It would help if you retyped the data exactly, leaving out the pictures.

> **Material for the task**:
--------
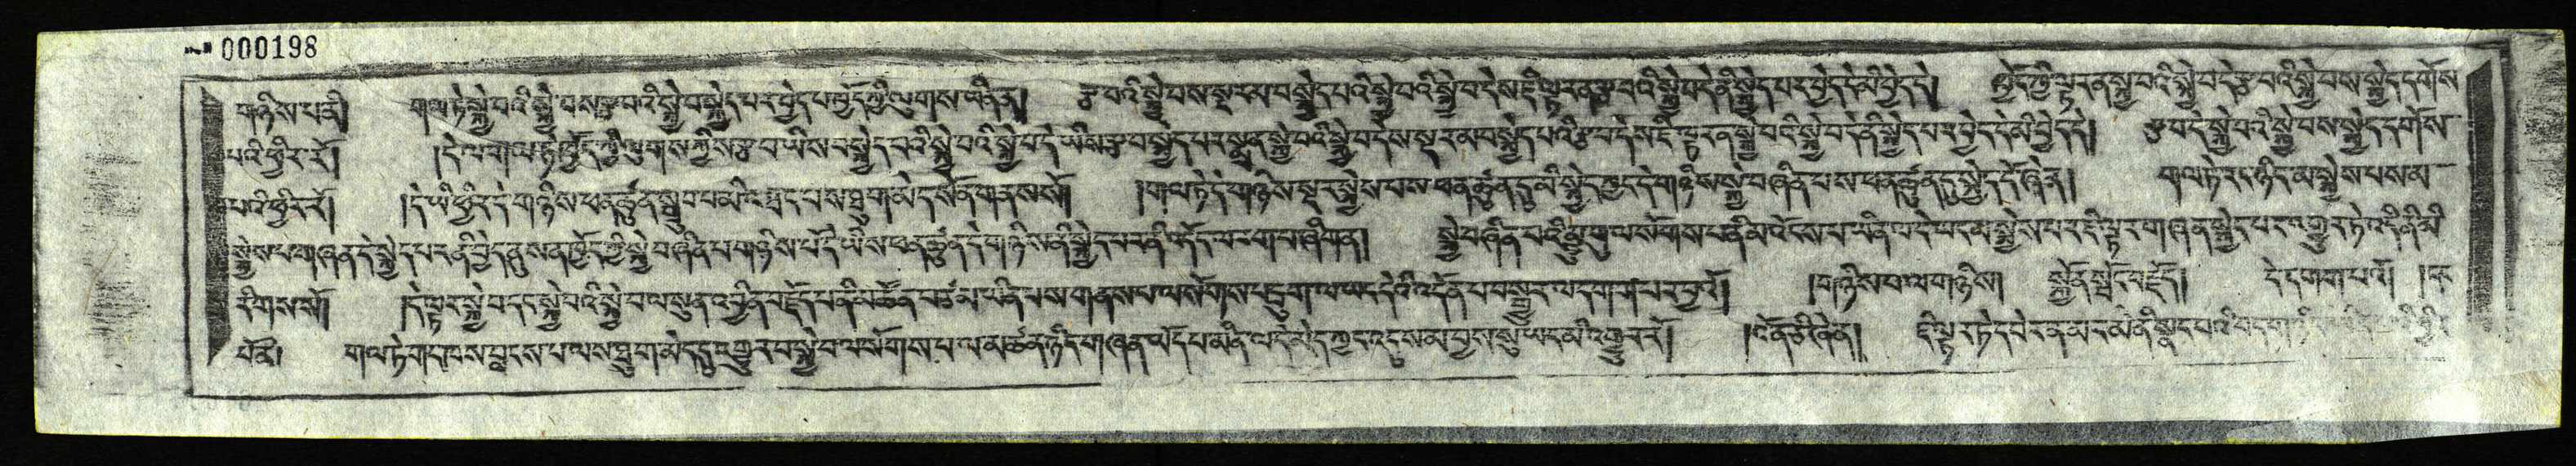གཉིས་པ་ནི། གལ་ཏེ་སྐྱེ་བའི་སྐྱེ་བས་རྩ་བའི་སྐྱེ་བ་སྐྱེད་པར་བྱེད་པ་ཁྱོད་ཀྱི་ལུགས་ཡིན་ན། རྩ་བའི་སྐྱེ་བས་སྔར་མ་བསྐྱེད་པའི་སྐྱེ་བའི་སྐྱེ་བ་དེས་ཇི་ལྟར་ན་རྩ་བའི་སྐྱེ་བ་དེ་ནི་སྐྱེད་པར་བྱེད་དེ་མི་བྱེད་དེ། ཁྱོད་ཀྱི་ལྟར་ན་སྐྱེ་བའི་སྐྱེ་བ་དེ་རྩ་བའི་སྐྱེ་བས་སྐྱེད་དགོས་
པའི་ཕྱིར་རོ། །དེ་ལ་གལ་ཏེ་ཁྱོད་ཀྱི་ལུགས་ཀྱིས་རྩ་བ་ཡིས་བསྐྱེད་པའི་སྐྱེ་བའི་སྐྱེ་བ་དེ་ཡིས་རྩ་བསྐྱེད་པར་སྨྲ་ན་སྐྱེ་བའི་སྐྱེ་བ་དེས་སྔར་མ་བསྐྱེད་པའི་རྩ་བ་དེས་ཇི་ལྟར་ན་སྐྱེ་བའི་སྐྱེ་བ་དེ་ནི་སྐྱེད་པར་བྱེད་དེ་མི་བྱེད་དེ། རྩ་བ་དེ་སྐྱེ་བའི་སྐྱེ་བས་སྐྱེད་དགོས་
པའི་ཕྱིར་རོ། །དེ་ཡི་ཕྱིར་དེ་གཉིས་ཕན་ཚུན་སྒྲུབ་པ་མི་འཐད་པས་ཐུག་མེད་སོན་གནས་སོ། །གལ་ཏེ་དེ་གཉིས་སྔར་སྐྱེས་པས་ཕན་ཚུན་དུ་མི་སྐྱེད་ཀྱང་དེ་གཉིས་སྐྱེ་བཞིན་པས་ཕན་ཚུན་དུ་སྐྱེད་དོ་ཞེ་ན། གལ་ཏེ་རང་ཉིད་མ་སྐྱེས་པས་མ་
སྐྱེས་པ་གཞན་དེ་སྐྱེད་པར་ནི་བྱེད་ནུས་ན་ཁྱོད་ཀྱི་སྐྱེ་བཞིན་པ་གཉིས་པོ་དེ་ཡིས་ཕན་ཚུན་དེ་གཉིས་ནི་སྐྱེད་པར་ནི་འདོད་ལ་རག་པ་ཞིག་ན། སྐྱེ་བཞིན་པའི་མྱུ་གུ་ལ་སོགས་པ་ནི་མ་འོངས་པ་ཡིན་ལ་དེ་ཡང་མ་སྐྱེས་པར་ཇི་ལྟར་གཞན་སྐྱེད་པར་འགྱུར་ཏེ་འདི་ནི་མི་
རིགས་སོ། །དེ་ལྟར་སྐྱེ་བ་དང་སྐྱེ་བའི་སྐྱེ་བ་ལ་སུན་འབྱིན་བརྗོད་པ་ནི་མཚོན་པ་ཙམ་ཡིན་པས་གནས་པ་ལ་སོགས་པ་དྲུག་ལ་ཡང་དེའི་འདོན་པ་བསྒྱུར་ལ་དགག་པར་བྱའོ། །གཉིས་པ་ལ་གཉིས། སྐྱོན་སྤོང་བརྗོད། དེ་དགག་པའོ། །དང་
པོ་ནི། གལ་ཏེ་གང་ཁས་བླངས་པ་ལས་ཐུག་མེད་དུ་འགྱུར་བ་སྐྱེ་བ་ལ་སོགས་པ་ལ་མཚན་ཉིད་གཞན་ཡོད་པ་མིན་ལ་དེ་མེད་ཀྱང་འདུས་མ་བྱས་སུ་ཡང་མི་འགྱུར་རོ། །འོ་ན་ཅི་ཞེ་ན། ཇི་ལྟར་ཏེ་དཔེར་ན་མར་མེ་ནི་སྣང་བའི་བདག་ཉིད་ཡིན་པའི་ཕྱིར་
--------
> **Solution to the problem**:
གཉིས་པ་ནི། གལ་ཏེ་སྐྱེ་བའི་སྐྱེ་བས་རྩ་བའི་སྐྱེ་བ་སྐྱེད་པར་བྱེད་པ་ཁྱོད་ཀྱི་ལུགས་ཡིན་ན། རྩ་བའི་སྐྱེ་བས་སྔར་མ་བསྐྱེད་པའི་སྐྱེ་བའི་སྐྱེ་བ་དེས་ཇི་ལྟར་ན་རྩ་བའི་སྐྱེ་བ་དེ་ནི་སྐྱེད་པར་བྱེད་དེ་མི་བྱེད་དེ། ཁྱོད་ཀྱི་ལྟར་ན་སྐྱེ་བའི་སྐྱེ་བ་དེ་རྩ་བའི་སྐྱེ་བས་སྐྱེད་དགོས་
པའི་ཕྱིར་རོ། །དེ་ལ་གལ་ཏེ་ཁྱོད་ཀྱི་ལུགས་ཀྱིས་རྩ་བ་ཡིས་བསྐྱེད་པའི་སྐྱེ་བའི་སྐྱེ་བ་དེ་ཡིས་རྩ་བསྐྱེད་པར་སྨྲ་ན་སྐྱེ་བའི་སྐྱེ་བ་དེས་སྔར་མ་བསྐྱེད་པའི་རྩ་བ་དེས་ཇི་ལྟར་ན་སྐྱེ་བའི་སྐྱེ་བ་དེ་ནི་སྐྱེད་པར་བྱེད་དེ་མི་བྱེད་དེ། རྩ་བ་དེ་སྐྱེ་བའི་སྐྱེ་བས་སྐྱེད་དགོས་
པའི་ཕྱིར་རོ། །དེ་ཡི་ཕྱིར་དེ་གཉིས་ཕན་ཚུན་སྒྲུབ་པ་མི་འཐད་པས་ཐུག་མེད་སོན་གནས་སོ། །གལ་ཏེ་དེ་གཉིས་སྔར་སྐྱེས་པས་ཕན་ཚུན་དུ་མི་སྐྱེད་ཀྱང་དེ་གཉིས་སྐྱེ་བཞིན་པས་ཕན་ཚུན་དུ་སྐྱེད་དོ་ཞེ་ན། གལ་ཏེ་རང་ཉིད་མ་སྐྱེས་པས་མ་
སྐྱེས་པ་གཞན་དེ་སྐྱེད་པར་ནི་བྱེད་ནུས་ན་ཁྱོད་ཀྱི་སྐྱེ་བཞིན་པ་གཉིས་པོ་དེ་ཡིས་ཕན་ཚུན་དེ་གཉིས་ནི་སྐྱེད་པར་ནི་འདོད་ལ་རག་པ་ཞིག་ན། སྐྱེ་བཞིན་པའི་མྱུ་གུ་ལ་སོགས་པ་ནི་མ་འོངས་པ་ཡིན་ལ་དེ་ཡང་མ་སྐྱེས་པར་ཇི་ལྟར་གཞན་སྐྱེད་པར་འགྱུར་ཏེ་འདི་ནི་མི་
རིགས་སོ། །དེ་ལྟར་སྐྱེ་བ་དང་སྐྱེ་བའི་སྐྱེ་བ་ལ་སུན་འབྱིན་བརྗོད་པ་ནི་མཚོན་པ་ཙམ་ཡིན་པས་གནས་པ་ལ་སོགས་པ་དྲུག་ལ་ཡང་དེའི་འདོན་པ་བསྒྱུར་ལ་དགག་པར་བྱའོ། །གཉིས་པ་ལ་གཉིས། སྐྱོན་སྤོང་བརྗོད། དེ་དགག་པའོ། །དང་
པོ་ནི། གལ་ཏེ་གང་ཁས་བླངས་པ་ལས་ཐུག་མེད་དུ་འགྱུར་བ་སྐྱེ་བ་ལ་སོགས་པ་ལ་མཚན་ཉིད་གཞན་ཡོད་པ་མིན་ལ་དེ་མེད་ཀྱང་འདུས་མ་བྱས་སུ་ཡང་མི་འགྱུར་རོ། །འོ་ན་ཅི་ཞེ་ན། ཇི་ལྟར་ཏེ་དཔེར་ན་མར་མེ་ནི་སྣང་བའི་བདག་ཉིད་ཡིན་པའི་ཕྱིར་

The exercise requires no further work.